Convert BST to Min Heap

You are given a binary search tree (BST) that is also a complete binary tree. Your task is to convert this BST into a Min Heap. The resultant Min Heap should maintain the property that all values in the left subtree of a node are less than all the values in the right subtree of the node.

A binary search tree (BST) is defined by the following properties:

• The left subtree of a node contains only nodes with data less than the node’s data.
• The right subtree of a node contains only nodes with data greater than the node’s data.
• Both the left and right subtrees must also be binary search trees.

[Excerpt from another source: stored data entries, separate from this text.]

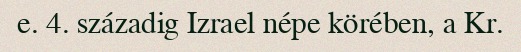
e. 4. századig Izrael népe körében, a Kr.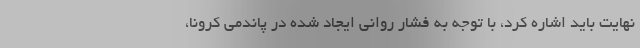
نهایت باید اشاره کرد، با توجه به فشار رواني ایجاد شده در پاندمي كرونا،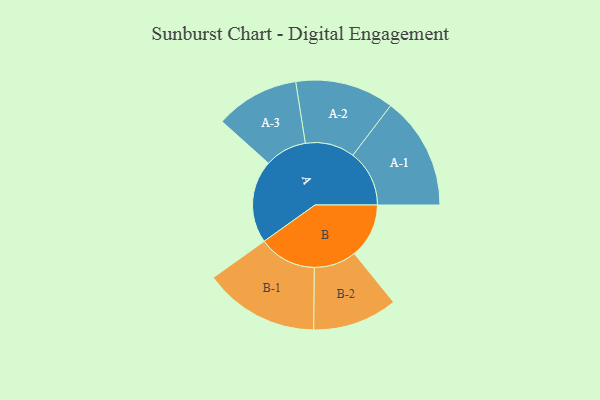
{"axis": {"x": "Segment", "y": "Value"}, "legend": ["", "A", "B"], "data": [{"x": "A", "y": 399, "type": ""}, {"x": "B", "y": 263, "type": ""}, {"x": "A-1", "y": 272, "type": "A"}, {"x": "A-2", "y": 238, "type": "A"}, {"x": "A-3", "y": 202, "type": "A"}, {"x": "B-1", "y": 278, "type": "B"}, {"x": "B-2", "y": 204, "type": "B"}]}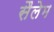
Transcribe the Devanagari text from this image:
सैलेम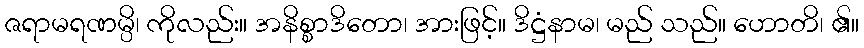
ဇရာမရဏမ္ပိ၊ ကိုလည်း။ အနိစ္စာဒိတော၊ အားဖြင့်။ ဒိဋ္ဌံနာမ၊ မည် သည်။ ဟောတိ၊ ၏။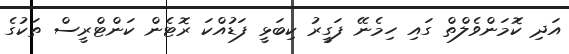
އަދި ކޮަަމަންވެލްތް ގައި ހިމެނޭ ފަގީރު ކިބަޅީ ފަޑުއްކަ ރޮޓެން ކަންޓްރީސް ތަކުގެ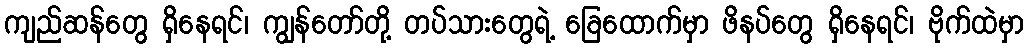
ကျည်ဆန်တွေ ရှိနေရင်၊ ကျွန်တော်တို့ တပ်သားတွေရဲ့ ခြေထောက်မှာ ဖိနပ်တွေ ရှိနေရင်၊ ဗိုက်ထဲမှာ

A complete binary tree is one where all levels are completely filled except possibly for the last level, which should have all keys as left as possible.

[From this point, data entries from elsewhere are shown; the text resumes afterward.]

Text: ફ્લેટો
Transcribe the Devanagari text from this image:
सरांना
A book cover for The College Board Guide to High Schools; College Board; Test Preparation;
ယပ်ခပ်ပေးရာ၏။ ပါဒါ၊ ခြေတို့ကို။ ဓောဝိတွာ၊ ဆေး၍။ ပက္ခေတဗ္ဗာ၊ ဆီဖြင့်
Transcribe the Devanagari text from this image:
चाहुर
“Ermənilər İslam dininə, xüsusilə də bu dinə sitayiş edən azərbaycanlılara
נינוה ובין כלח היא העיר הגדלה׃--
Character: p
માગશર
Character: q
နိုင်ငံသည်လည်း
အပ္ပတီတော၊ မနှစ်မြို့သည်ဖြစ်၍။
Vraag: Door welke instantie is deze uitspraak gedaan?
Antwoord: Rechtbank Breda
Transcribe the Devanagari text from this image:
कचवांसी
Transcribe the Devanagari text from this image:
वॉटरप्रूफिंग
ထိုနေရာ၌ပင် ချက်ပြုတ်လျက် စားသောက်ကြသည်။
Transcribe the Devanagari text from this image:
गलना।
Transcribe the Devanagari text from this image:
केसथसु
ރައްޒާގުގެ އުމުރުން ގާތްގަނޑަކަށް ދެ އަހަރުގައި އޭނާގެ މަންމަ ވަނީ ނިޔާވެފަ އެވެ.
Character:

A Min Heap is defined as a binary tree where the value of each node is smaller than or equal to the values in its children. For this problem, there is an additional requirement that all values in the left subtree of a node should be less than all the values in the right subtree.

Input:

The first line contains an integer 'T', representing the number of test cases. The subsequent lines represent each test case, containing values of nodes in level order form separated by spaces. Use -1 to denote a null node.

Output:

For each test case, print the Min Heap in level order form. Separate the output of each test case with a new line.

Example:

Input:
1
4 2 6 1 3 5 7 -1 -1 -1 -1 -1 -1

Output:
1 2 5 4 3 6 7

Constraints:

• 1 <= T <= 10
• 1 <= N <= 5 * 10^4
• -10^9 <= data <= 10^9, and data != -1

Note:

You do not need to print anything. Your function should return the root of the Min Heap. The provided input-output format is to ensure clarity.